Inequality has been steadily on the rise for many, many years and as people grow increasingly frustrated, they seek an alternative. This search has time and time again led to the mention of countries like Sweden and Norway. Often when we discuss the Nordic model, it is met with praise and envy. Many self-proclaimed progressives hold it in high regard as the pinnacle of democracy. The social benefits such as free healthcare, free education and reliable pension payments are a definite cause for jealousy when compared to the ruthlessness of the capitalism most of us know and live under. However, while we may praise certain benefits of this model, we must also be honest about its many shortcomings in contrast to our own goals.
To compare countries like Norway and Sweden to nations such as the USA, Britain or even our own island of Ireland, would draw striking dissimilarity and we would be rightfully frustrated while our own state fails to grant us these securities. We should not settle with what we have, or rather what we don’t have, nor should we be appeased by small concessions granted only to keep us in line and to make current political parties seem more electable, when the reality is that the interests of the people are not at heart. Settling for these small not only affirms this as a workable strategy to maintain power over the people, it also sets back the work made by many to advance these ideas and proposals. It is also worth noting that these concessions are not praise-worthy, they should in fact be the bare minimum granted to all civilians. We must understand that this model feeds into capitalist realism, and acts as a social democratic ploy to cast a shadow on the achievements of socialism in eastern Europe.

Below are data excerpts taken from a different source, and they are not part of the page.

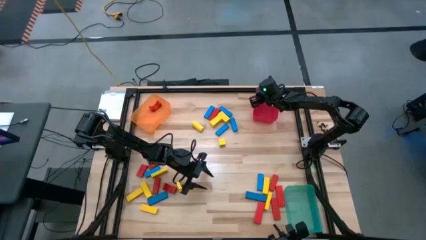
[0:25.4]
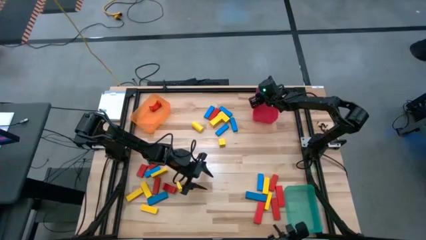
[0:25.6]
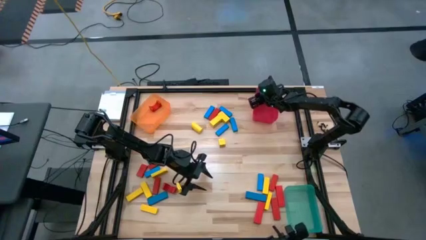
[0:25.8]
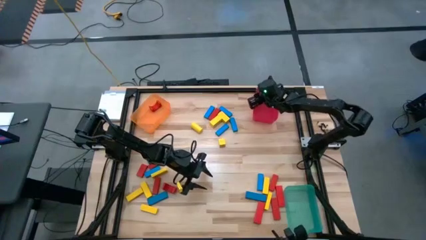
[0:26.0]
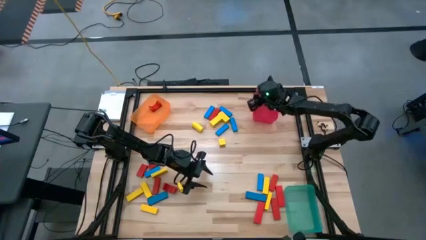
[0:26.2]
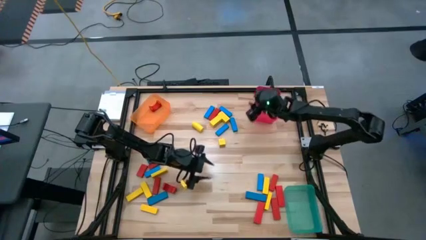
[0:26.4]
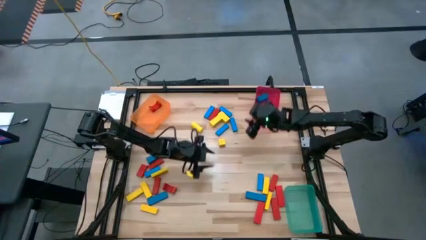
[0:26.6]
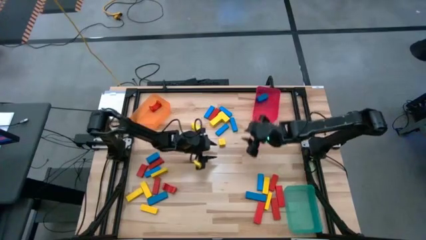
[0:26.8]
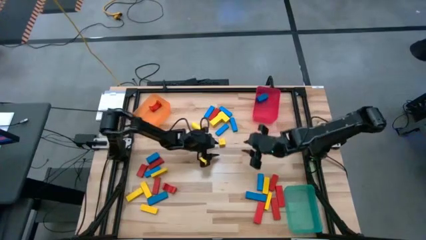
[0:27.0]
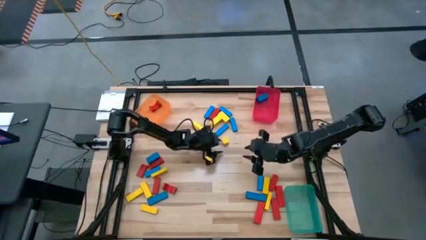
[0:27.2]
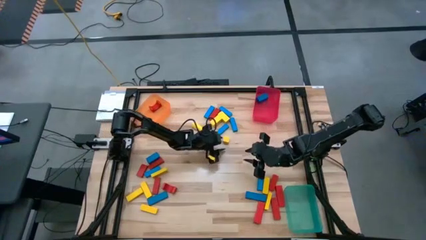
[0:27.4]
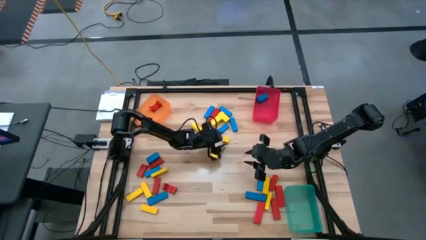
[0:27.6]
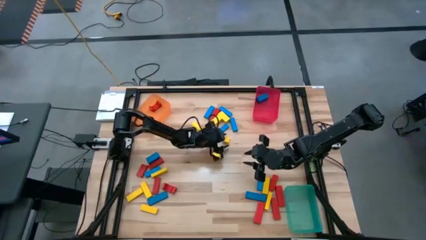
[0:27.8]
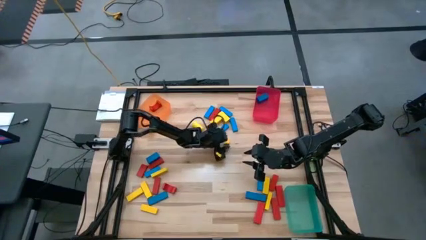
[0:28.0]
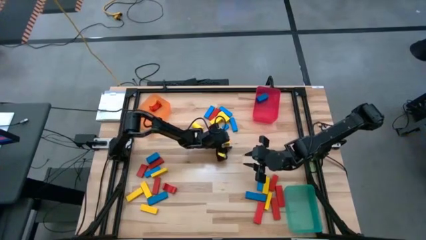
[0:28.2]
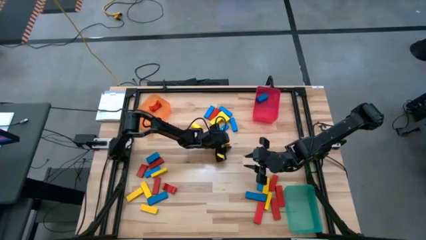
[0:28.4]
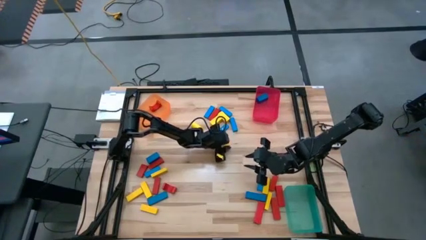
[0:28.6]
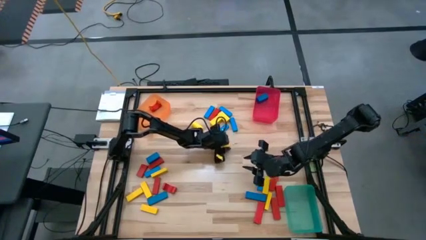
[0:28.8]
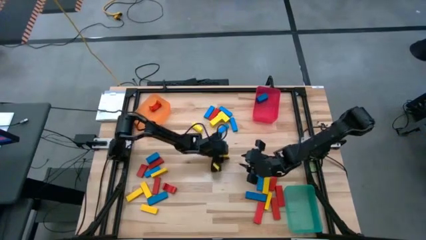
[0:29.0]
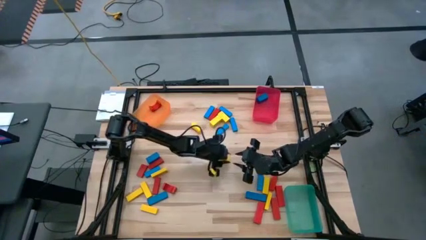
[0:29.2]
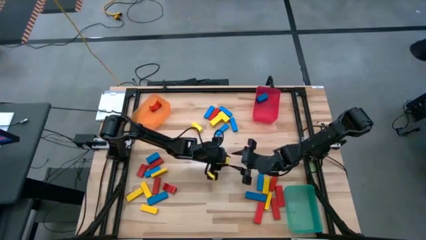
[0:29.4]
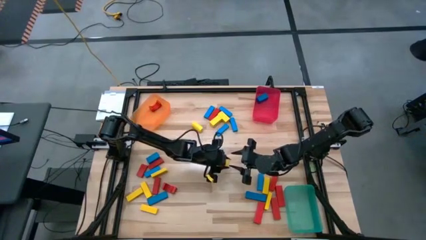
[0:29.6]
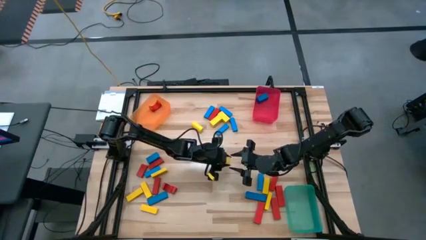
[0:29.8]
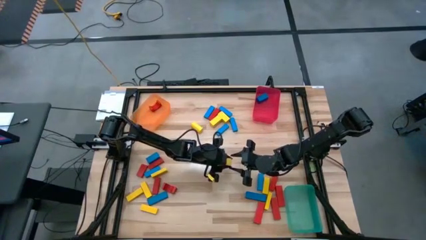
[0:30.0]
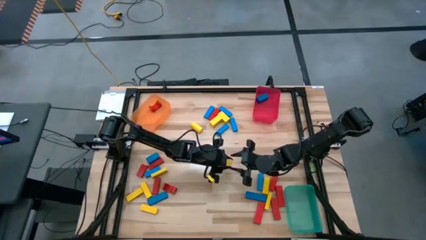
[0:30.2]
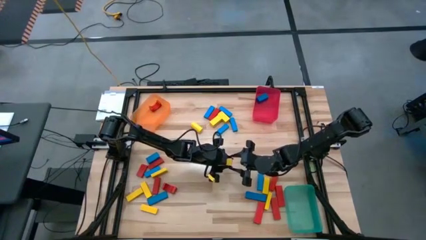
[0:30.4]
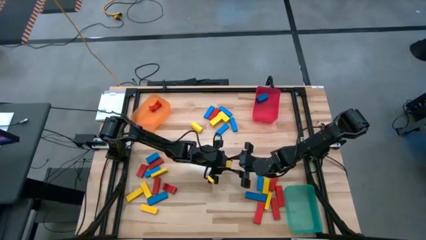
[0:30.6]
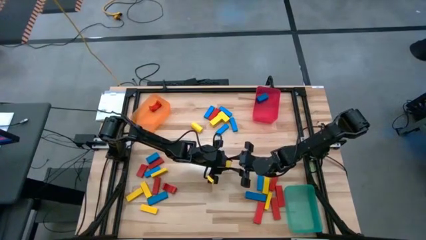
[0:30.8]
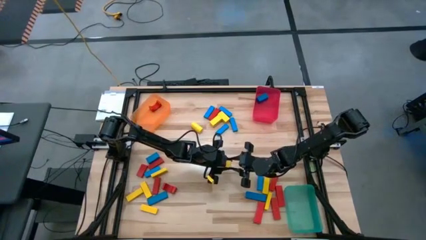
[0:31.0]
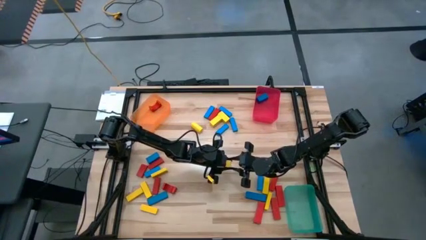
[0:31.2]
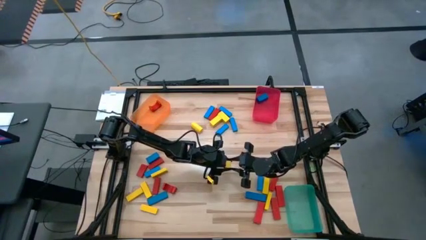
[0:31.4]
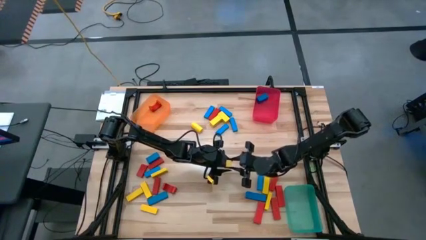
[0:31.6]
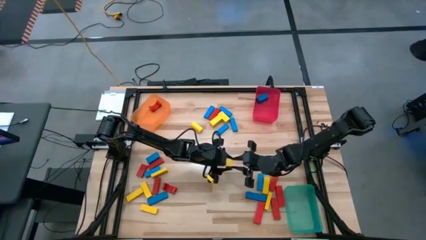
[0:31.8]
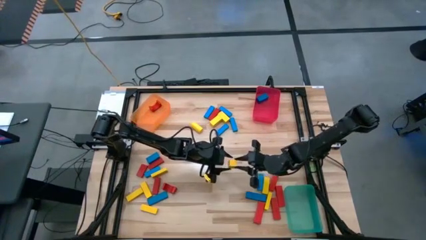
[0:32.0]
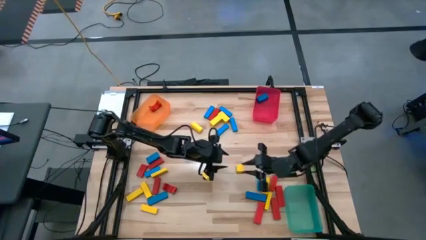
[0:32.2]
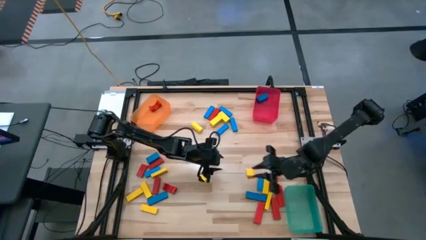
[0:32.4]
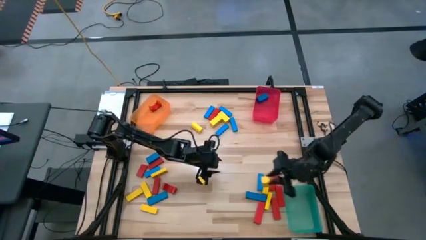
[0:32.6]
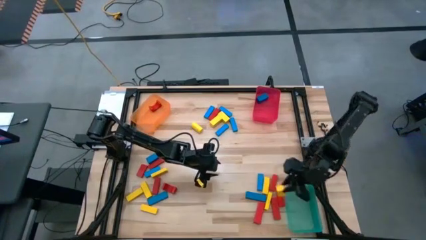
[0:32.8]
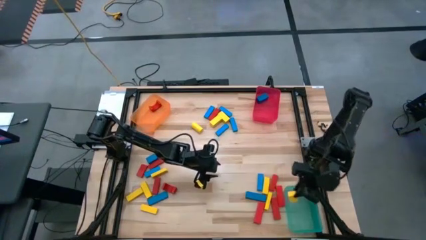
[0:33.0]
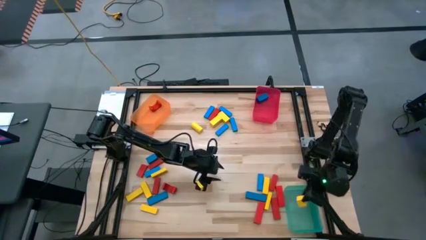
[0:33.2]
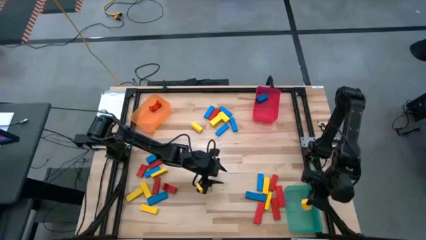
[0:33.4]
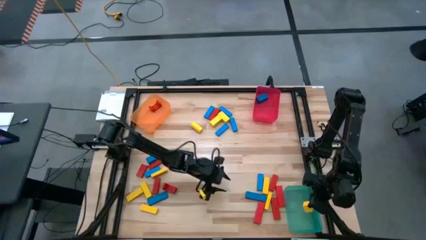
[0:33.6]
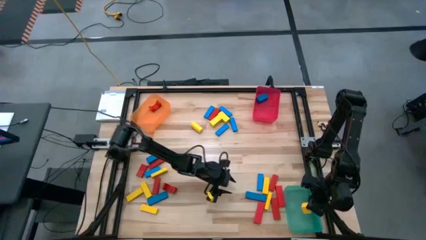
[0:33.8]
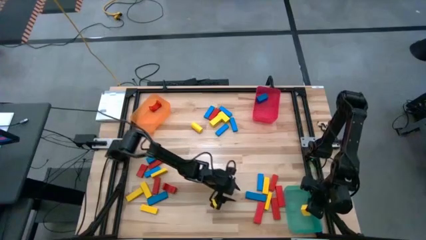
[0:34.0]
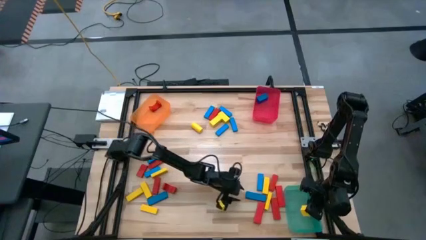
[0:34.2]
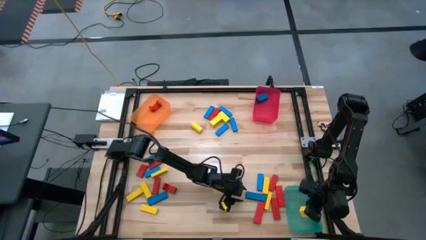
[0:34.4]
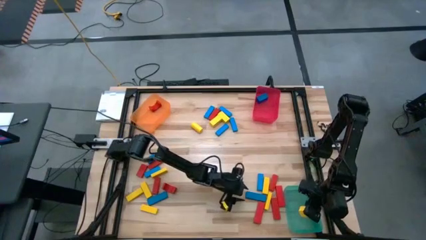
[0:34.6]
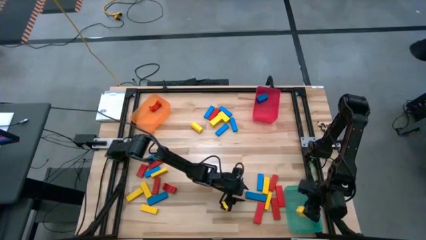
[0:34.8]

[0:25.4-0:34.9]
Task: Sort blocks
Put the yellow block into the green bin

It exists almost as if to affirm that capitalism is the only viable option, and feeds into the western idea of restricting socialism to its most minimal form. Furthermore, the Nordic welfare model cannot be presented as an alternative to both socialism and capitalism, it works mainly as a form of appeasement, keeping the working class quiet while still supporting free market capitalism. As communists, we understand that capital must be abolished, therefore there is no place for capitalism of any kind, regardless of how soft or severe.“Compassionate” capitalism is still capitalism.
They impose high tax rates on their citizens, while corporate tax remains low. Workers may be paid better than their counterparts in other neoliberal capitalist hellscapes, however they are still exploited. Surplus value created by the worker does not return to them, and in true capitalist fashion, returns to the employer as profit. To further criticise these conditions, we must examine the links these countries hold to the capitalist death machines of the world. These countries are members of the European Union; a megaphone for anti-communists, capitalists and imperialists alike. Denmark, Iceland and Norway are also NATO member states, therefore actively support the evils of imperialism on a global scale. The role of these establishments is to ensure the ruling classes continue to enrich themselves at the expense of the many.
Any involvement with these establishments must be called out for what it is. As well as supporting the imperialist death march and the wreckage it leaves behind, it is a huge contributor to the Earth’s climate problem. The environmental impact cannot be ignored. Towards the end of February, a large number of young people at the annual congress of the Connolly Youth Movement understood and recognised the climate emergency, and reiterated that an environmentally sustainable society was not compatible with capitalism. In our heavily industrialised world, the climate crisis is as clear as ever and our situation grows dire.
The Nordic countries may seem like progressive powerhouses when compared to many harsher states, but they have had some of the highest levels of resource use and CO2emissions globally, severely overstepping sensible boundaries. This is largely due to resource extraction in the global south, outsourcing ecological impact to different communities.
To conclude, yes the Nordic model has provided notable benefits to citizens, but these are basic concessions that should be granted without question to the working class. Striving to replicate the Nordic model as an end goal isn’t viable, we must uphold the working class, and minimal concessions to fulfil capitalist ends cannot be assumed to be progressive. This is not sustainable. It is still exploitative. It is still inequality. It is still capitalism.